My grandmother, who had the talent for predicting turmoil
would move before any crisis hit the place she was living in. She and her
family, including my mother left Manila when she was a young widow for the
Bronx. She left it to return to Manila when she knew things were not going to
go well before the stock market crash. They immigrated to Argentina (Buenos
Aires) in 1938 when she could smell the winds of war. And in 1954 she knew that
Perón was going to fall and things would get nasty with a military takeover. We
moved to Mexico City.
My native country has always been a polarized one. It has a
been a division between the large Buenos Aires and the provinces. It has
cleaved between the patrician landowners
and the everyday working people. Until recently and even know power has been
shared among the military, the Catholic Church, the wealthy (and very white)
landowners and the moneyed aristocracy. A polarization between the left and the
right has been ongoing since for reasons I cannot explain, the right wing government
of Perón and his Peronist Party somehow became left-leaning.
There has been a polarization between the white aristocracy
with fancy names like Beccar Varela, Alvear and Bulrich or the military family
of Lanusse and those they deem as “cabecitas negras” (dark skinned, black
haired descendants of Native Argentines).
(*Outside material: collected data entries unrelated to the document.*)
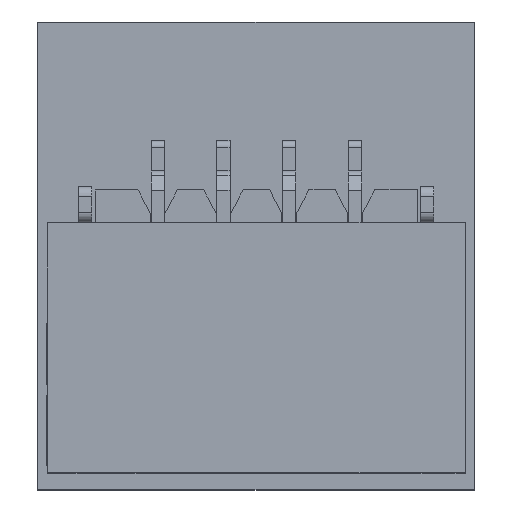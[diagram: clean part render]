
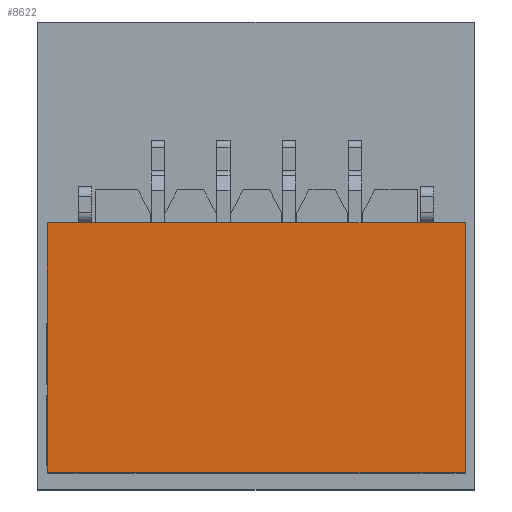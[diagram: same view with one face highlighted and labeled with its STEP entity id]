
A CAD part, top view. The second image highlights one B-rep face of the part: STEP entity #8622.
In plain terms, the highlighted planar face has unit normal (0, 0, 1).
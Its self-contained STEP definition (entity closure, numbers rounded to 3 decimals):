
#7556 = VERTEX_POINT('',#7557);
#7557 = CARTESIAN_POINT('',(-3.17,-2.739,
    3.2));
#7563 = EDGE_CURVE('',#7556,#7564,#7566,.T.);
#7564 = VERTEX_POINT('',#7565);
#7565 = CARTESIAN_POINT('',(-3.17,1.061,
    3.2));
#7566 = LINE('',#7567,#7568);
#7567 = CARTESIAN_POINT('',(-3.17,-0.589,
    3.2));
#7568 = VECTOR('',#7569,1.);
#7569 = DIRECTION('',(0.,1.,0.));
#8414 = VERTEX_POINT('',#8415);
#8415 = CARTESIAN_POINT('',(3.18,-2.739,
    3.2));
#8421 = EDGE_CURVE('',#7556,#8414,#8422,.T.);
#8422 = LINE('',#8423,#8424);
#8423 = CARTESIAN_POINT('',(-3.17,-2.739,
    3.2));
#8424 = VECTOR('',#8425,1.);
#8425 = DIRECTION('',(1.,0.,0.));
#8622 = ADVANCED_FACE('',(#8623),#8641,.F.);
#8623 = FACE_BOUND('',#8624,.T.);
#8624 = EDGE_LOOP('',(#8625,#8633,#8639,#8640));
#8625 = ORIENTED_EDGE('',*,*,#8626,.T.);
#8626 = EDGE_CURVE('',#8414,#8627,#8629,.T.);
#8627 = VERTEX_POINT('',#8628);
#8628 = CARTESIAN_POINT('',(3.18,1.061,3.2
    ));
#8629 = LINE('',#8630,#8631);
#8630 = CARTESIAN_POINT('',(3.18,-0.589,3.2
    ));
#8631 = VECTOR('',#8632,1.);
#8632 = DIRECTION('',(0.,1.,0.));
#8633 = ORIENTED_EDGE('',*,*,#8634,.F.);
#8634 = EDGE_CURVE('',#7564,#8627,#8635,.T.);
#8635 = LINE('',#8636,#8637);
#8636 = CARTESIAN_POINT('',(-3.17,1.061,
    3.2));
#8637 = VECTOR('',#8638,1.);
#8638 = DIRECTION('',(1.,0.,0.));
#8639 = ORIENTED_EDGE('',*,*,#7563,.F.);
#8640 = ORIENTED_EDGE('',*,*,#8421,.T.);
#8641 = PLANE('',#8642);
#8642 = AXIS2_PLACEMENT_3D('',#8643,#8644,#8645);
#8643 = CARTESIAN_POINT('',(-3.17,-0.589,
    3.2));
#8644 = DIRECTION('',(0.,0.,-1.));
#8645 = DIRECTION('',(0.,1.,0.));
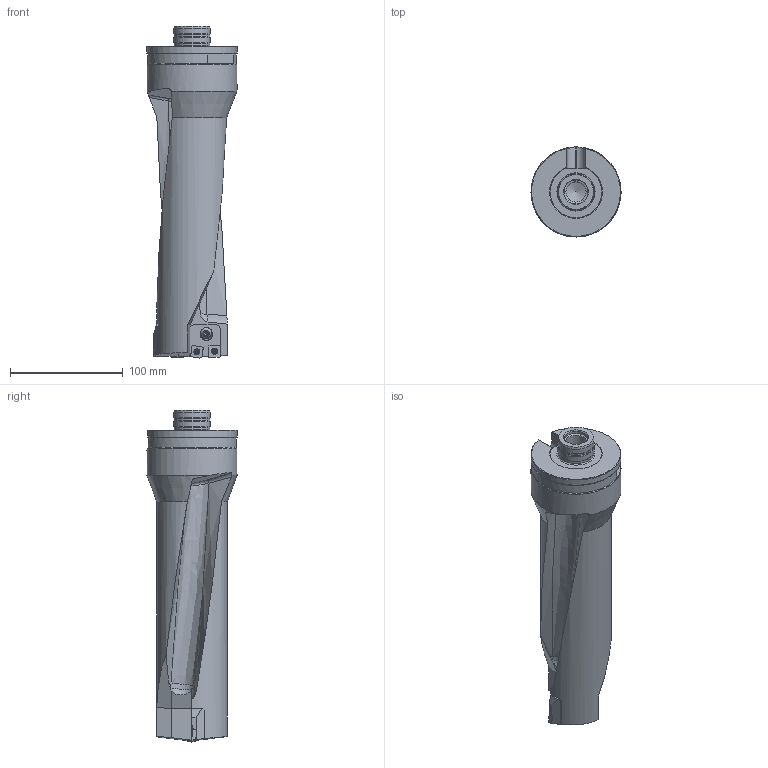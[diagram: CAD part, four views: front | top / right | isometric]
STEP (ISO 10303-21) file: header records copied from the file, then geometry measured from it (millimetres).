
FILE_DESCRIPTION(/* description */ (''),/* implementation_level */ '2;1');
FILE_NAME(/* name */ '1694069572892.stp',/* time_stamp */ '2023-09-07T08:53:01+02:00',/* author */ (''),/* organization */ ('SMS'),/* preprocessor_version */ 'ST-DEVELOPER v16.7',/* originating_system */ 'SIEMENS PLM Software NX 12.0',/* authorisation */ '');
FILE_SCHEMA (('AUTOMOTIVE_DESIGN { 1 0 10303 214 3 1 1 1 }'));
Length unit declared in the file: millimetre
Products named in the file (5): 203058117mod000_00; 203058037mod000_00; ASSEMBLY_CONSTRUCTION; 204521500mod000_00; 204828187mod000_00
Assembly tree (6 placements, depth 2):
  204828187mod000_00
    204521500mod000_00
    ASSEMBLY_CONSTRUCTION
    203058037mod000_00
    203058117mod000_00  x3
Bounding box: 80 x 80 x 295 mm (x, y, z)
Volume: 645873.5 mm3; surface area: 79950.2 mm2
Topology: 5 solids, 5 shells, 477 faces, 1218 edges, 778 vertices
Faces by surface type: plane 231, cylinder 73, cone 63, extrusion 63, bspline 32, torus 13, sphere 2
Full cylindrical faces by diameter (mm): 3 x4, 4 x4, 4.8 x4, 5 x1, 11 x2, 18 x1, 21 x1, 31.7 x1, 31.9 x1, 31.995 x1, 32.295 x1, 80 x1
Entity records: 24432 total; most frequent: CARTESIAN_POINT 13796, ORIENTED_EDGE 2134, DIRECTION 2102, EDGE_CURVE 1067, AXIS2_PLACEMENT_3D 777, VERTEX_POINT 692, VECTOR 548, EDGE_LOOP 518
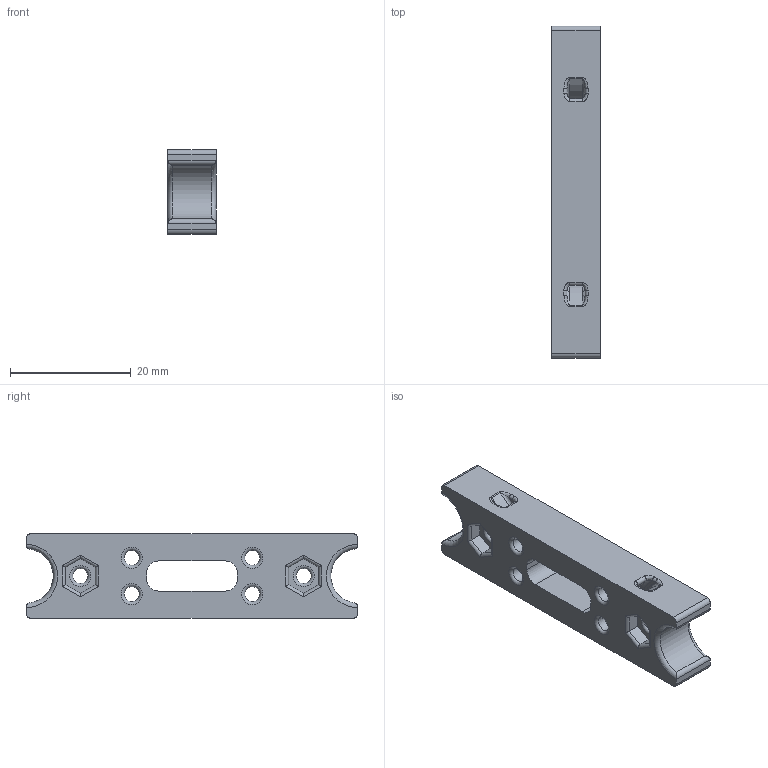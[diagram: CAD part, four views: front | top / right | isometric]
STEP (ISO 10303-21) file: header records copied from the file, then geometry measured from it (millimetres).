
FILE_DESCRIPTION(/* description */ ('STEP AP242','CAx-IF Rec.Pracs.---Representation and Presentation of Product Manufacturing Information (PMI)---4.0---2014-10-13','CAx-IF Rec.Pracs.---3D Tessellated Geometry---0.4---2014-09-14','2;1'),/* implementation_level */ '2;1');
FILE_NAME(/* name */ '65e26285fb64c61dc6339f30',/* time_stamp */ '2024-03-01T23:19:34Z',/* author */ (''),/* organization */ (''),/* preprocessor_version */ 'ST-DEVELOPER v19.4',/* originating_system */ ' ',/* authorisation */ ' ');
FILE_SCHEMA (('AP242_MANAGED_MODEL_BASED_3D_ENGINEERING_MIM_LF { 1 0 10303 442 1 1 4 }'));
Length unit declared in the file: metre
Products named in the file (1): Right Mount
Bounding box: 8 x 55 x 14 mm (x, y, z)
Volume: 4503.5 mm3; surface area: 3319.6 mm2
Topology: 1 solids, 1 shells, 130 faces, 310 edges, 188 vertices
Faces by surface type: cylinder 56, plane 34, torus 24, bspline 16
Full cylindrical faces by diameter (mm): 2.5 x6, 5 x4
Entity records: 4030 total; most frequent: CARTESIAN_POINT 1103, DIRECTION 602, ORIENTED_EDGE 576, EDGE_CURVE 288, AXIS2_PLACEMENT_3D 239, VERTEX_POINT 188, EDGE_LOOP 176, FACE_BOUND 176

To anybody not living in Argentina it
would be impossible to understand how that aristocracy or the then (30 years
ago) white middle class treated the football player Diego Maradona. He was a
“cabecita negra” not a patrician like tennis player Gabriela Sabatini. Lionel
Messi, a white young man passed muster with all Argentines as did the original
football export Alfredo Di Stéfano who was elegant, white and was nicknamed La
Saeta Rubia (the blond arrow). Thankfully Francisco, the pope is white, too.
It with that background that I want to now write my feelings
for Eva Duarte de Perón. Before she died I would hear my grandmother tell how
Evita was expropriating lands from the rich; taking money from the rich and
giving it all to the poor through her foundations. My grandmother saw her as
something akin to that American epithet “poor man’s trash” who had improved
herself by stepping over other people and marrying a general of the army.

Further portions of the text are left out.